Sacó el teléfono de inmediato, recorriendo la sala con la mirada con una sonrisa escalofriante. —Esperad. Voy a llamar a Alban Martel ahora mismo. Estáis acabadas.
La gerente miró inquieta a Christina, preocupada de que lidiar con Alban fuera mucho más complicado que enfrentarse a los Hewitt. Sin embargo, si Christina se negaba a ceder, no tenía más remedio que mantenerse firme.
«Deja que llame», dijo Christina con calma, acariciando suavemente la espalda de la chica para tranquilizarla. «Ni ella ni quienquiera que traiga podrán tocarme». Su expresión permaneció serena, sus palabras deliberadamente provocadoras.
«¡Eres increíblemente ignorante! ¡Cuando llegue Alban, te arrepentirás de todo lo que has hecho!», espetó Violette, con la furia en espiral.

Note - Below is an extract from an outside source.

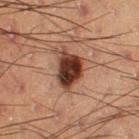The lesion was tiled from a total-body skin photograph and was not biopsied. On the right thigh. The total-body-photography lesion software estimated a mean CIELAB color near L≈30 a*≈21 b*≈24, about 19 CIELAB-L* units darker than the surrounding skin, and a normalized lesion–skin contrast near 16. And it measured border irregularity of about 2.5 on a 0–10 scale, a within-lesion color-variation index near 5.5/10, and a peripheral color-asymmetry measure near 1.5. The analysis additionally found a classifier nevus-likeness of about 100/100 and lesion-presence confidence of about 100/100. The tile uses cross-polarized illumination. A male patient aged 53 to 57. About 4.5 mm across. A 15 mm close-up tile from a total-body photography series done for melanoma screening.

«¿Por qué no dejas de hablar? Date prisa y pide ayuda. Mi tiempo no es gratis», dijo Christina con tono burlón y despectivo.
Hirviendo de rabia, Violette marcó el número de Alban sin demora. Irene esperaba con una mezcla de emoción y cautela, anticipando su llegada mientras vigilaba con recelo a Christina. Había empezado a sospechar que la verdadera intención de Christina era atraer a Alban hacia ella, y precisamente por eso parecía tan ansiosa de que Violette hiciera la llamada.